[RECORDS SHOWN]
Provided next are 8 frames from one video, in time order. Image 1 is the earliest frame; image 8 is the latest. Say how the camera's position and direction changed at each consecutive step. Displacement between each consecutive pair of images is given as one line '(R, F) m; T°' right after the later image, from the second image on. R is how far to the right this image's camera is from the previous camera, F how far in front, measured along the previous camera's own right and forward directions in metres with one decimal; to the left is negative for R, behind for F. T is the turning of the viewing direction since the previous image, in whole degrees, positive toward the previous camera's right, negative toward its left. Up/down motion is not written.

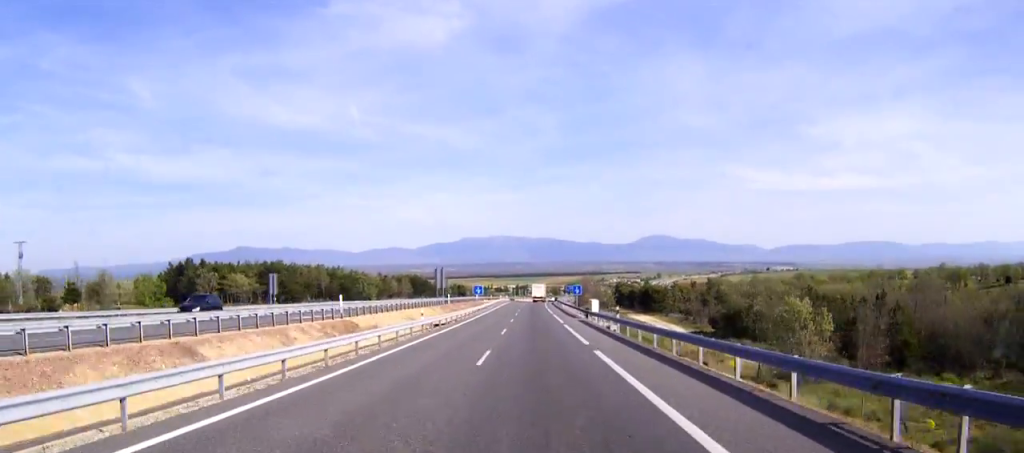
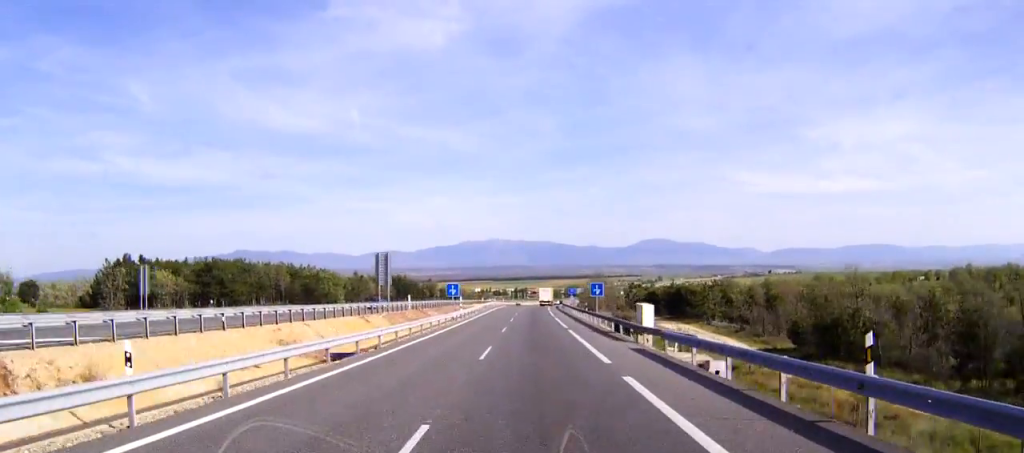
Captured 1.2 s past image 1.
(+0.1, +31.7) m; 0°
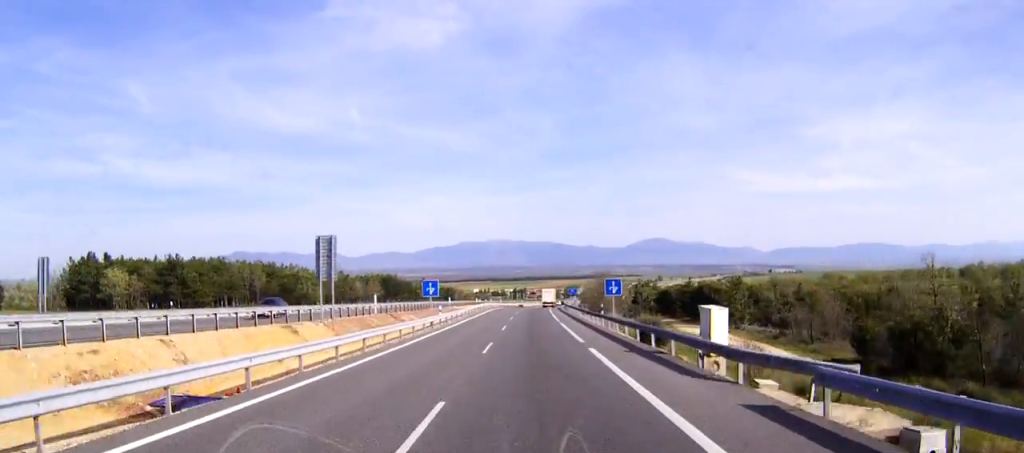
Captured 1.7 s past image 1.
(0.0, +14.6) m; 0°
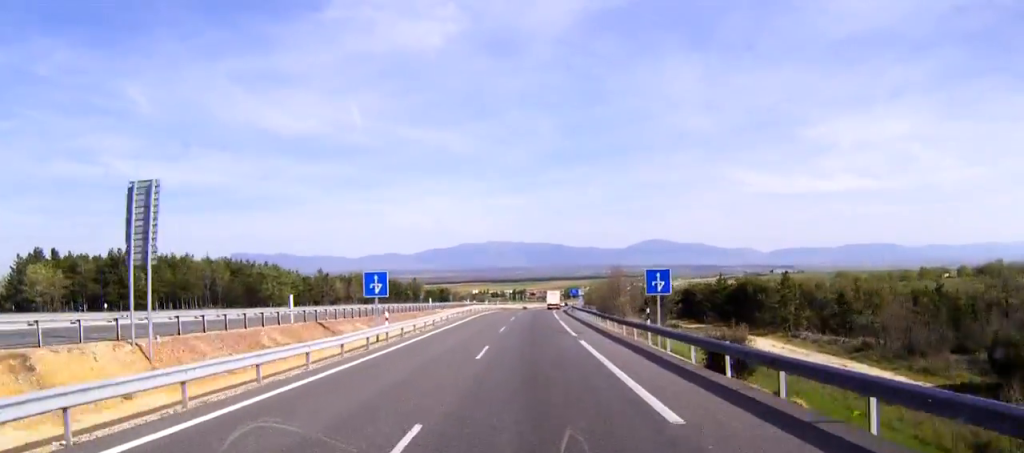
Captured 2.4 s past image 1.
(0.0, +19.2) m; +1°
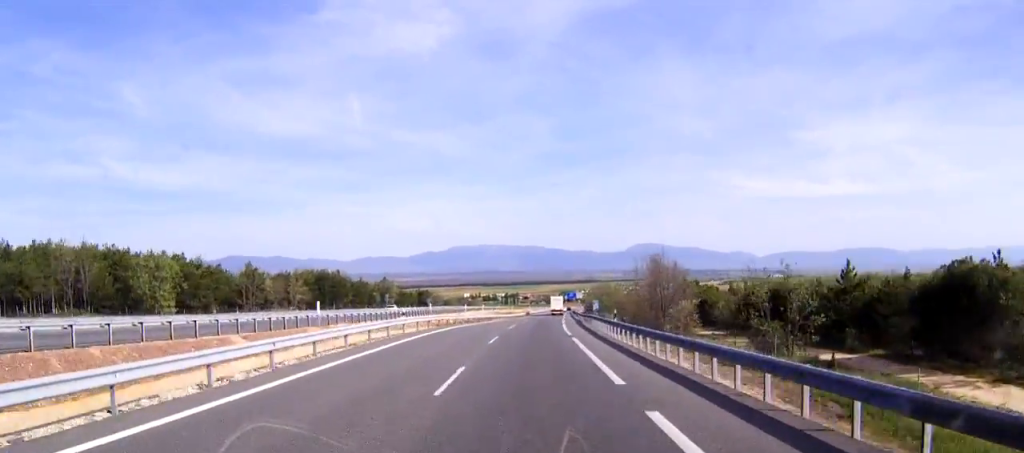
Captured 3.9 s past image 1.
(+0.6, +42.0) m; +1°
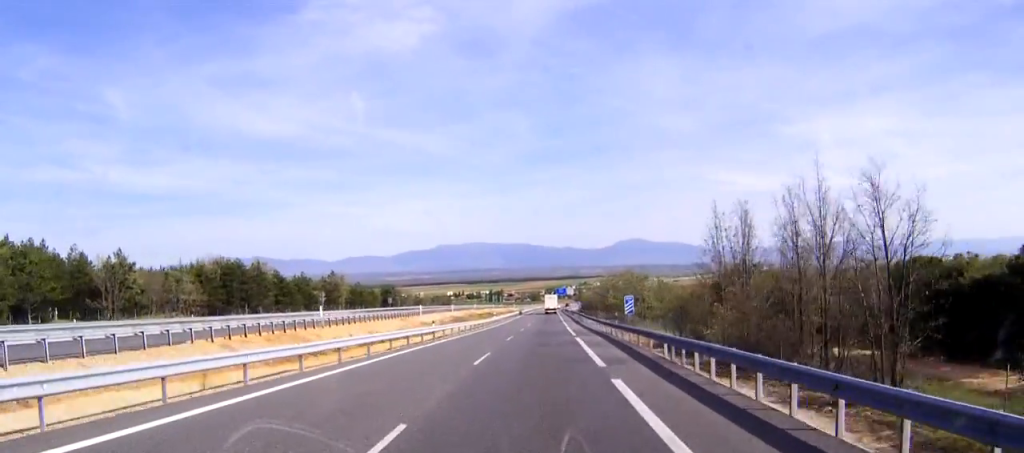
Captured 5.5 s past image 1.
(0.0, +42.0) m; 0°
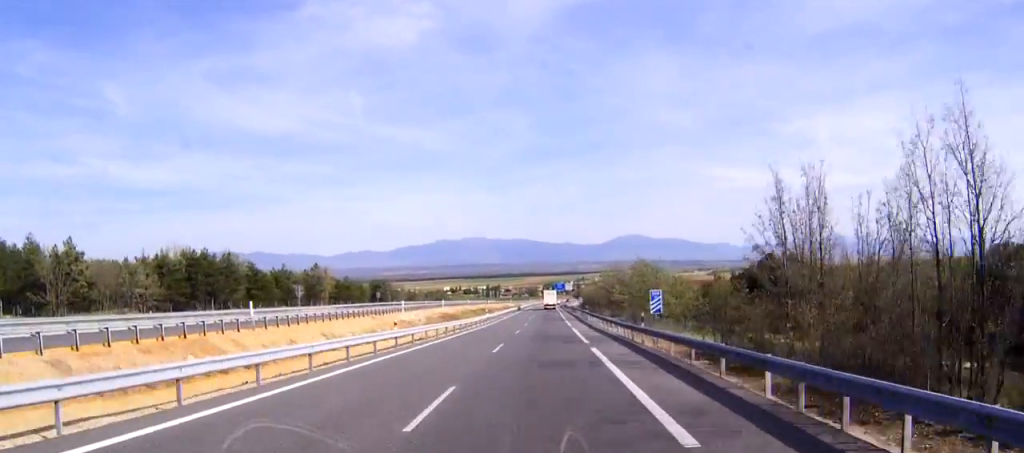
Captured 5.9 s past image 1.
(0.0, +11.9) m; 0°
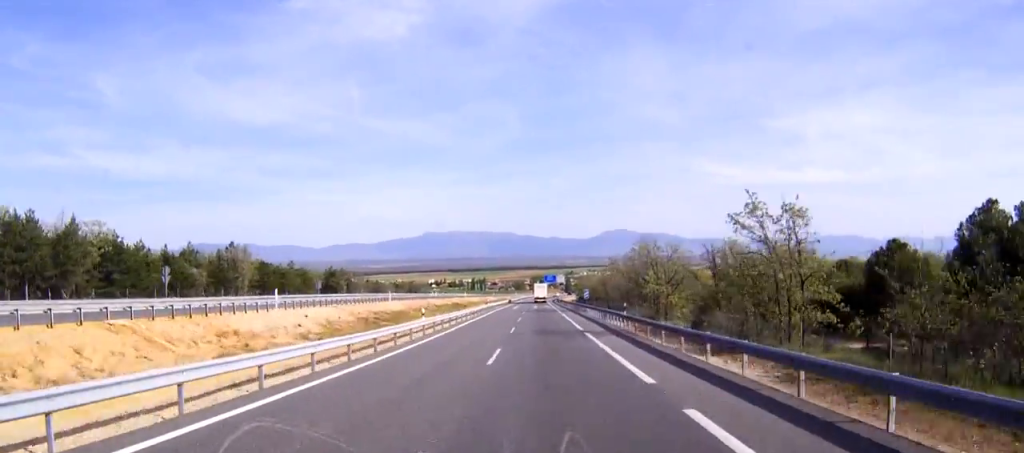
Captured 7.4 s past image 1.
[/RECORDS SHOWN]
- [WHAT YOU SHOULD DO] Please transcribe the listing exactly as it stands, but omit its pictures.

- [EXERCISE OUTPUT]
Provided next are 8 frames from one video, in time order. Image 1 is the earliest frame; image 8 is the latest. Say how the camera's position and direction changed at each consecutive step. Displacement between each consecutive pair of images is given as one line '(R, F) m; T°' right after the later image, from the second image on. R is how far to the right this image's camera is from the previous camera, F how far in front, measured along the previous camera's own right and forward directions in metres with one decimal; to the left is negative for R, behind for F. T is the turning of the viewing direction since the previous image, in whole degrees, positive toward the previous camera's right, negative toward its left. Up/down motion is not written.

Captured 1.2 s past image 1.
(+0.1, +31.7) m; 0°
Captured 1.7 s past image 1.
(0.0, +14.6) m; 0°
Captured 2.4 s past image 1.
(0.0, +19.2) m; +1°
Captured 3.9 s past image 1.
(+0.6, +42.0) m; +1°
Captured 5.5 s past image 1.
(0.0, +42.0) m; 0°
Captured 5.9 s past image 1.
(0.0, +11.9) m; 0°
Captured 7.4 s past image 1.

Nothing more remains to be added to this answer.